New Mexico will hold hearings in the coming weeks about restarting excavation of a new utility shaft at the Waste Isolation Pilot Plant near Carlsbad, the Department of Energy’s manager for the transuranic waste disposal site told state lawmakers in a virtual briefing Tuesday.
Reinhard Knerr, the DOE’s manager of the Carlsbad Field Office that oversees the Waste Isolation Pilot Plant (WIPP), mentioned the impending hearing Tuesday morning during an annual briefing for the New Mexico legislature, which this year was held via video conference because of the ongoing COVID-19 pandemic.
WIPP prime Nuclear Waste Partnership was also participating in the meeting, which was ongoing at the deadline for Weapons Complex Morning Briefing.
New Mexico in October refused to renew a 120-day temporary authorization to continue work on the underground shaft, citing COVID-19 infections in southern New Mexico and at WIPP, Knerr said.
The multipurpose shaft would provide an alternate entry to the salt mine and enhance the planned Safety Significant Confinement Ventilation System, an airflow project that is being re-baselined after Nuclear Waste Partnership terminated a subcontractor agreement in August.

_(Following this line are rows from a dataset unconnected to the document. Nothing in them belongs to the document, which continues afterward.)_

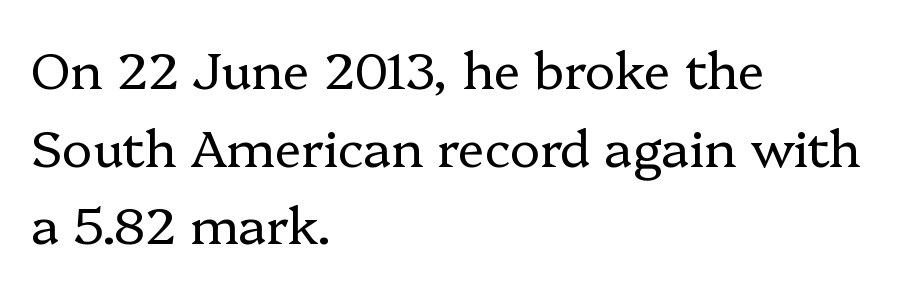
Q: Is the text bold? A: No.
Q: Is the text italic (slanted)? A: No, it is upright.
Q: Is the typeface a serif or a sans-serif typeface? A: Serif.
Q: Is the text underlined? A: No.
Q: How is the paragraph aligned? A: Left-aligned.
Q: Is the spacing between letters normal or unusually wide? A: Normal.
Q: Is the spacing between lines tight, normal or loose? A: Normal.
Q: Width (condensed, normal, or wide)? A: Normal.
Q: Stroke contrast? A: Low.
Q: x-height? A: Medium.
Q: Monospaced? A: No.
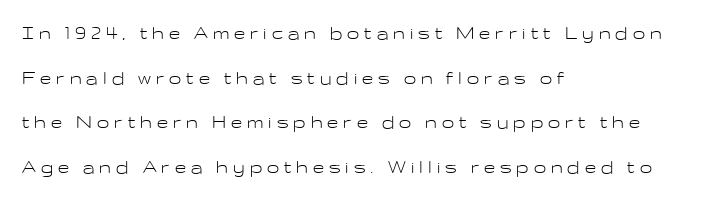
The image shows 22 px text type, upright; set left-aligned, loose line spacing (2.03x), unusually wide letter spacing (+0.23 em), not underlined.
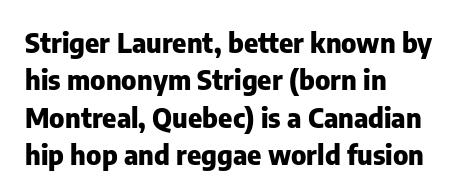
{"italic": "no", "bold": "yes", "underline": "no", "align": "left", "line_spacing": "normal", "line_spacing_ratio": 1.38, "letter_spacing": "normal", "letter_spacing_em": 0.0, "glyph_px": 27}
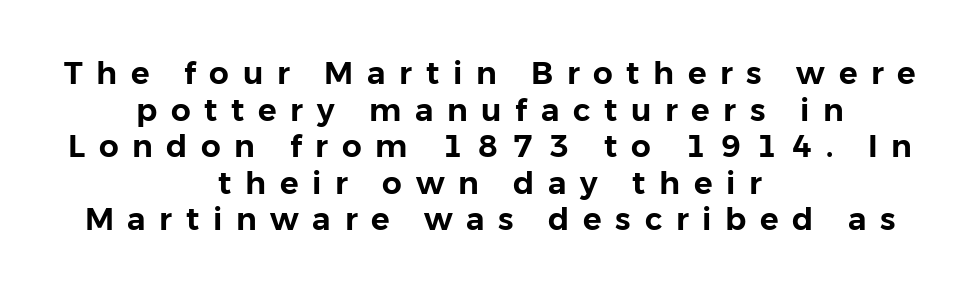
{"serif": "no", "italic": "no", "width": "normal", "stroke_contrast": "low", "x_height": "medium", "monospaced": "no", "underline": "no", "align": "center", "line_spacing_ratio": 1.18, "letter_spacing": "wide", "letter_spacing_em": 0.44, "glyph_px": 31}
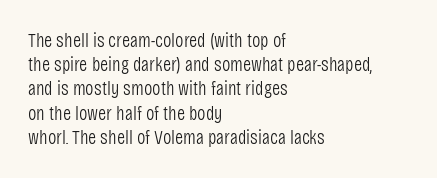
Q: Is the text bold? A: No.
Q: Is the text italic (slanted)? A: No, it is upright.
Q: Is the text underlined? A: No.
Q: How is the paragraph aligned? A: Left-aligned.
Q: Is the spacing between letters normal or unusually wide? A: Normal.
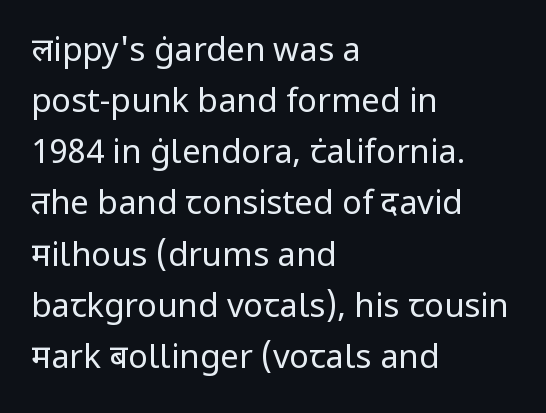
The lines sit at an ordinary, default distance from one another. The strip under each line holds only bare page. The type sits square on the baseline with zero lean. The typeface chosen for these lines omits serifs. The paragraph shown leans on its left margin. You could call the tracking neutral — neither tight nor loose.
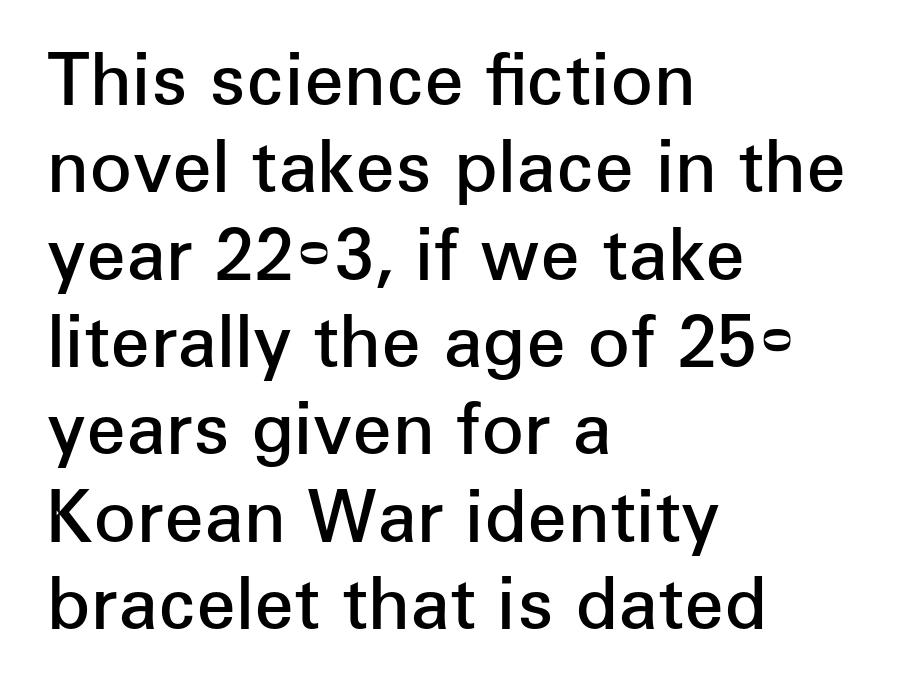
Q: Is the text bold? A: Semi-bold.
Q: Is the text italic (slanted)? A: No, it is upright.
Q: Is the typeface a serif or a sans-serif typeface? A: Sans-serif.
Q: Is the text underlined? A: No.
Q: How is the paragraph aligned? A: Left-aligned.
Q: Is the spacing between letters normal or unusually wide? A: Normal.
Q: Width (condensed, normal, or wide)? A: Normal.
Q: Stroke contrast? A: Low.
Q: x-height? A: Medium.
Q: Monospaced? A: No.
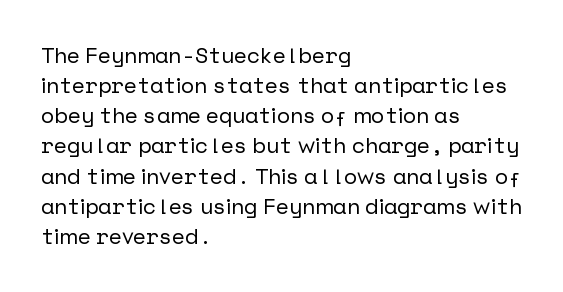
Q: Is the text italic (slanted)? A: No, it is upright.
Q: Is the text underlined? A: No.
Q: How is the paragraph aligned? A: Left-aligned.
Q: Is the spacing between letters normal or unusually wide? A: Normal.
Q: Is the spacing between lines tight, normal or loose? A: Normal.
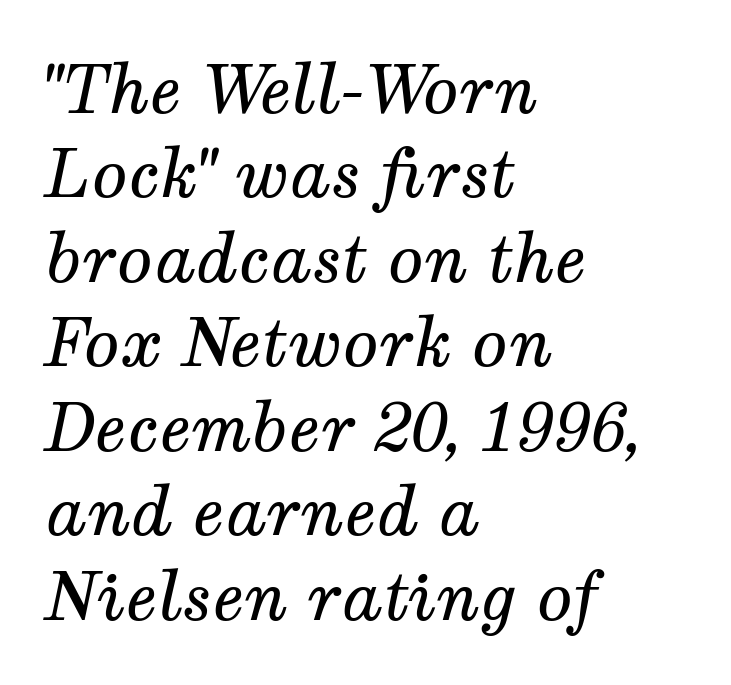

On a different topic, Knerr said that WIPP will start to receive shipments of transuranic waste from Waste Control Specialists in Andrews County, Texas soon.
The waste was rerouted to Texas in 2014 as a result of the February 2014 underground radiation leak at WIPP that effectively closed the mine for about three years. There could be up to 24 shipments from Waste Control Specialists over the coming 12 months, the Carlsbad field office manager said. The waste was potentially ignitable and Texas officials have been pushing DOE to remove it from the commercially operated facility in Andrews.
In addition, Knerr said that WIPP has a planned two-month maintenance outage scheduled to start in about a week.